Pépite annoncée, chef d’œuvre à l'arrivée. La force du jeu est de parvenir à faire émerger derrière la loufoquerie hilarante du personnage (j'étais régulièrement plié en deux de rire devant certaines répliques proposées) des enjeux réellement tristes, dans la pure tradition du film Noir et de ses détectives brisés. La qualité d'écriture est proprement hallucinante, avec la construction d'un univers d'une complexité imperceptible au 1er abord et qui se révèle au gré des fils de conversation qui semblent parfois inépuisables : que ce soit les théories racialistes d'un suprémaciste, la conceptualisation psychique en sinusoïdale d'un teufeur, les constructions politiques à longue échéance du Moralintern, les stratégies de lutte syndicale, les effets de l'Intangible et son impact sur la structure du monde, son histoire et sa géopolitique, toute l'oeuvre de Cuno, voire simplement les beuglements "Hardcore à fond les ballons" de Egghead pour se reposer un peu (parmi tant d'autres).
Et sans parler de ces grands moments de conflits intérieurs entre vos instances affectives et cognitives sur la bonne attitude à avoir. Respect pour la cohérence de toutes ces thématiques nickellement entremêlées avec une enquête tout aussi captivante, d'autant que l'humour est très bien dosé et que le choix d'une ambiance culturelle d'inspiration créole est fort agréable pour un joueur français.
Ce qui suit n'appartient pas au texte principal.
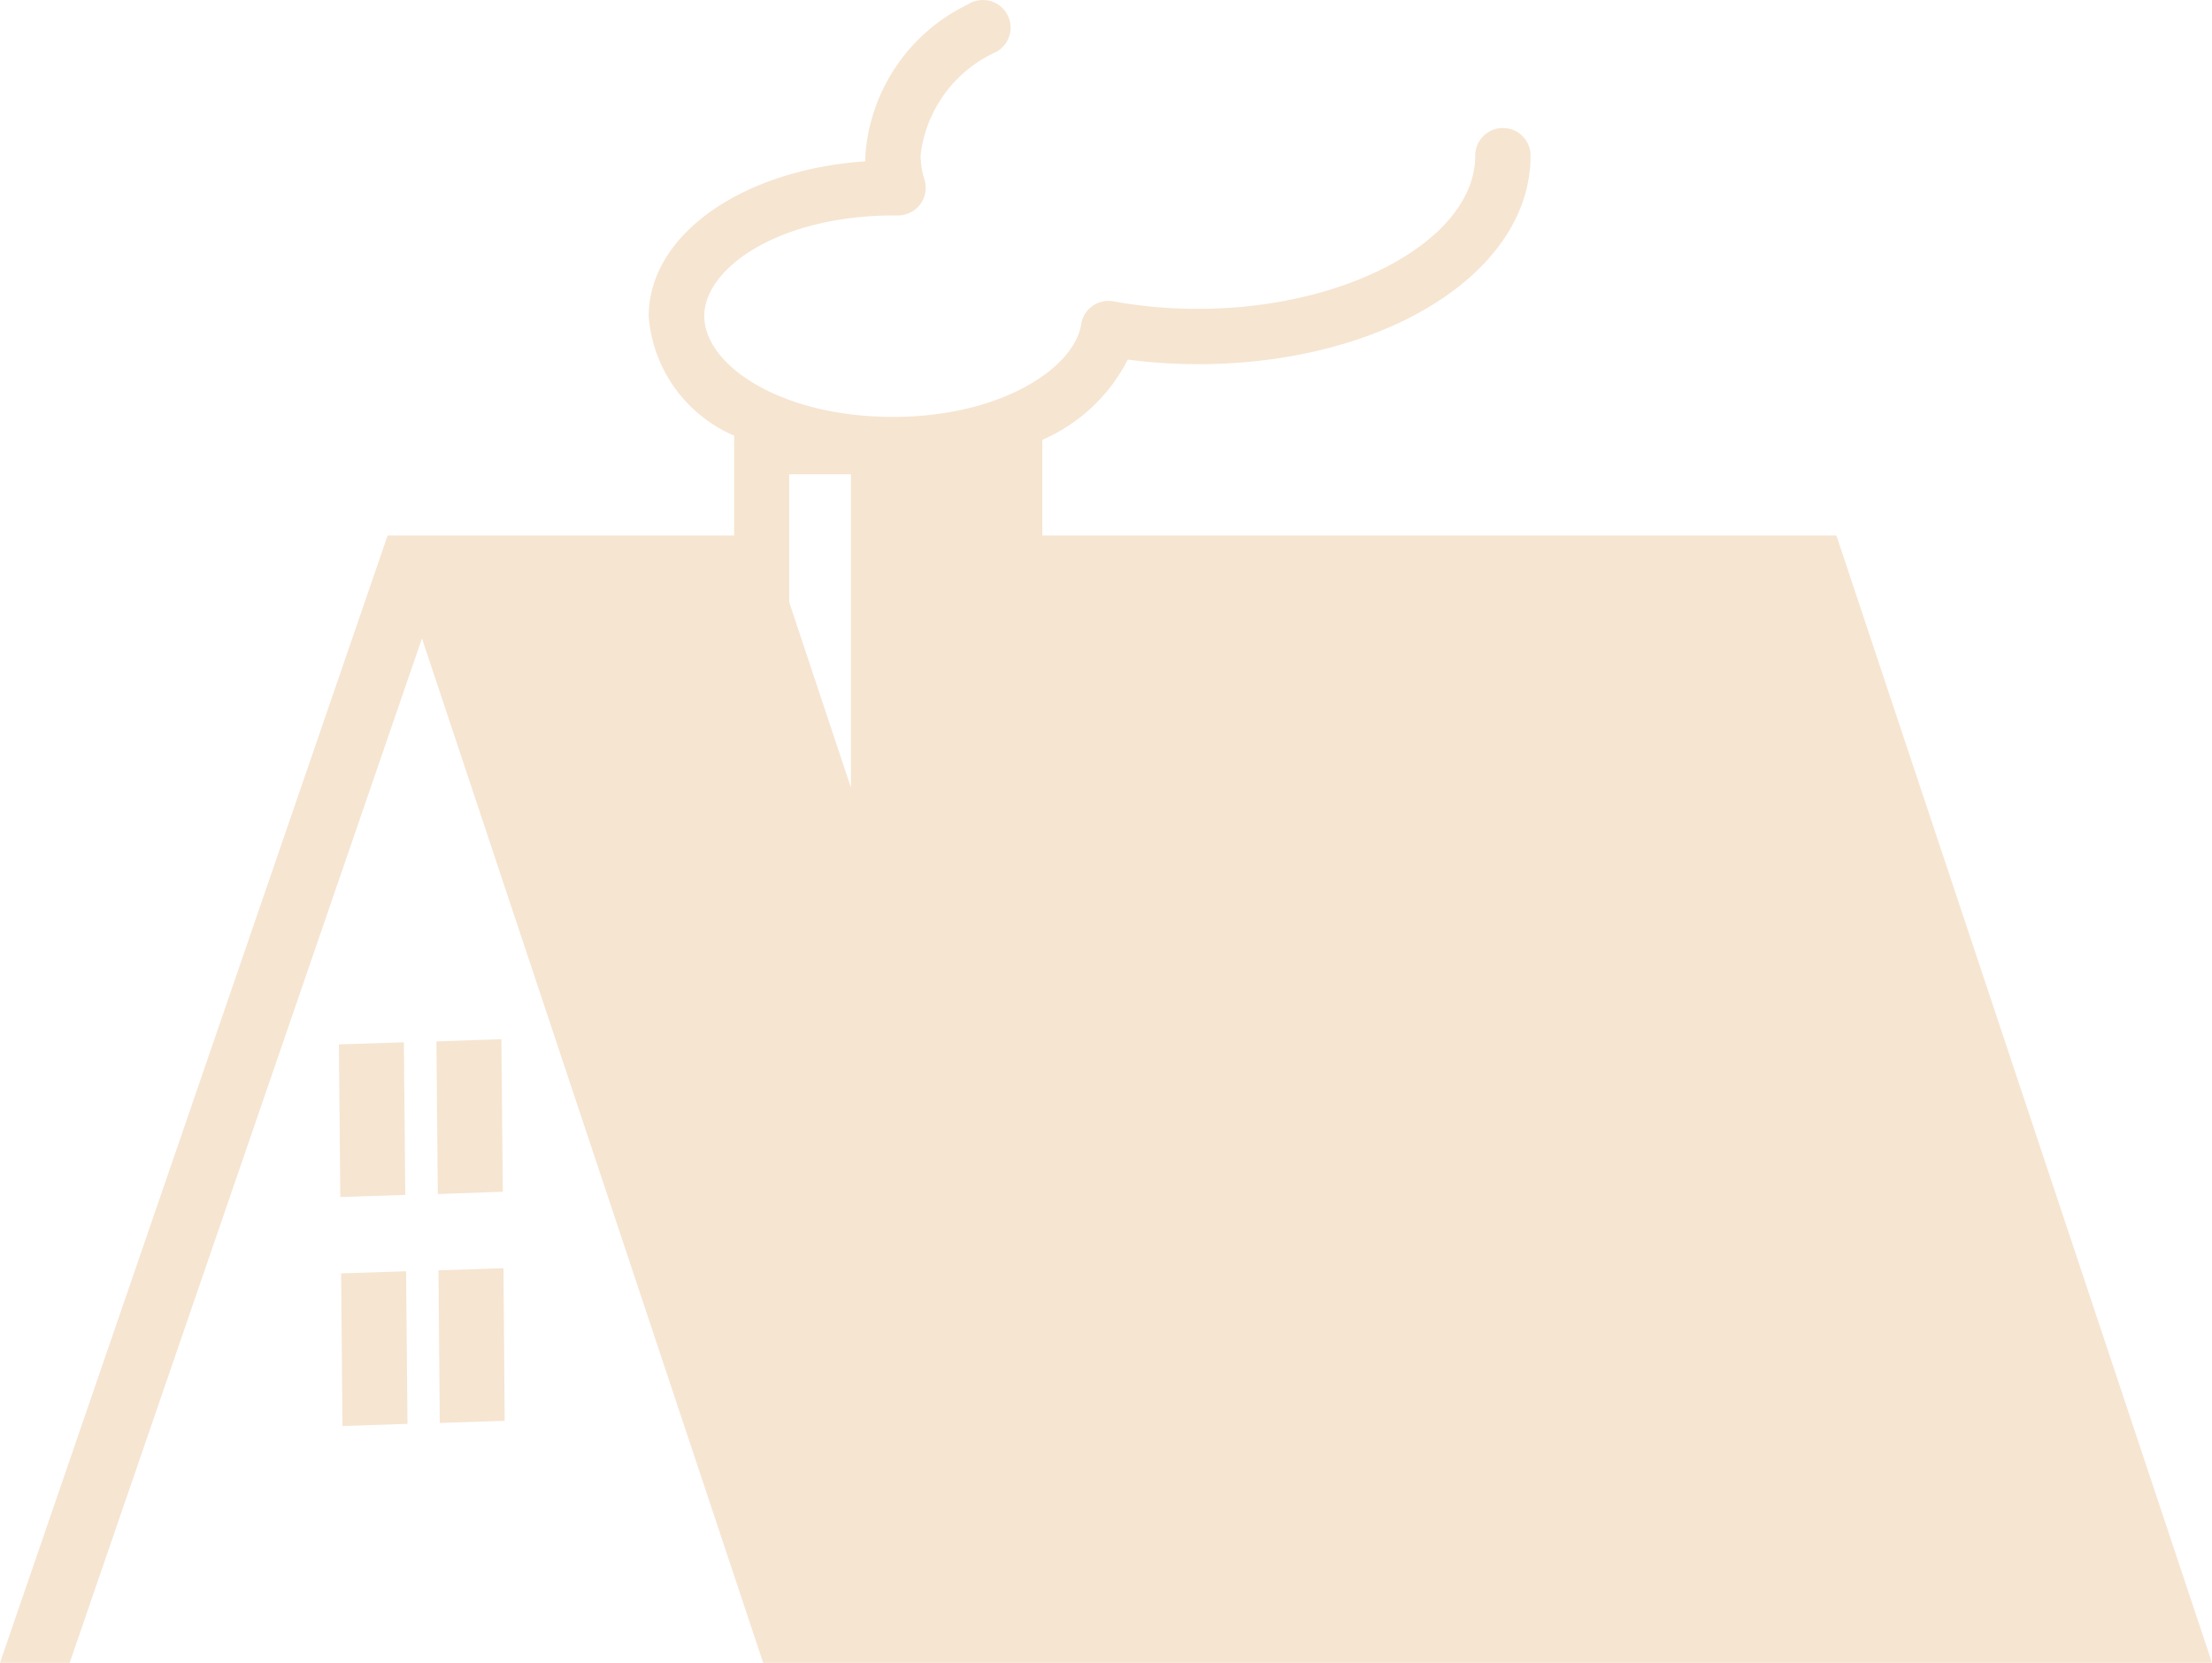 <svg xmlns="http://www.w3.org/2000/svg" width="36.23" height="27.242" viewBox="0 0 36.23 27.242">
  <g id="グループ_998" data-name="グループ 998" transform="translate(-11.885 -214.876)">
    <path id="パス_1962" data-name="パス 1962" d="M48.115,242.118l-6.152-18.469H28.957v-1.567a2.847,2.847,0,0,0,1.4-1.315,8.832,8.832,0,0,0,1.149.075c3.055,0,5.448-1.5,5.448-3.416a.453.453,0,0,0-.906,0c0,1.361-2.08,2.51-4.542,2.51a7.652,7.652,0,0,1-1.384-.123.453.453,0,0,0-.527.364l0,.009c-.118.731-1.33,1.52-3.082,1.52-1.85,0-3.093-.853-3.093-1.651s1.242-1.65,3.116-1.65h.053a.453.453,0,0,0,.458-.448.483.483,0,0,0-.02-.137,1.355,1.355,0,0,1-.064-.4,2.128,2.128,0,0,1,1.242-1.695.453.453,0,1,0-.442-.791l-.02.012a2.98,2.98,0,0,0-1.685,2.484v.089c-2.022.139-3.548,1.205-3.548,2.541a2.32,2.32,0,0,0,1.4,1.953v1.636H18.234l-6.349,18.469h1.141l5.77-16.783,5.589,16.783ZM25.823,227.782l-1.012-3.041v-2.094h1.012Z" fill="#f6e5d1"/>
    <path id="パス_1963" data-name="パス 1963" d="M17.472,235.738l.023,2.5,1.064-.035-.023-2.5Z" fill="#f6e5d1"/>
    <path id="パス_1964" data-name="パス 1964" d="M18.5,231.952l-1.064.035.023,2.5,1.064-.035Z" fill="#f6e5d1"/>
    <path id="パス_1965" data-name="パス 1965" d="M20.12,234.4l-.023-2.5-1.064.038.023,2.5Z" fill="#f6e5d1"/>
    <path id="パス_1966" data-name="パス 1966" d="M19.088,238.188l1.063-.035-.02-2.5-1.064.035Z" fill="#f6e5d1"/>
  </g>
</svg>

En résulte une véritable empathie pour les personnages si vivants qui constituent cet univers, que ce soit votre flic disco qui se reconstruit à l'aune de votre manière de jouer tout en dévoilant pudiquement ses fêlures, ou bien évidemment son partenaire, Kim Kitsuragi, qui supporte avec tant de bienveillance les frasques les plus débiles (genre les canulars téléphoniques aléatoires) que je me surprenais à faire certains choix pour ne pas le décevoir. Et j'étais véritablement malheureux de terminer le jeu, ce qui signifiait les quitter, tous, signe de la réussite de cette connexion affective.
Attention toutefois : nonobstant ses qualités indéniables, Disco Elysium ne pourra pas plaire à tous. C'est un jeu majoritairement textuel et très verbeux, avec une dimension point and click plus en retrait, et qui malgré une chouette direction artistique, un superbe doublage et quelques séquences épiques, prendra véritablement vie dans votre tête plutôt que sur l'écran. Mais c'est le prix d'une expérience inoubliable.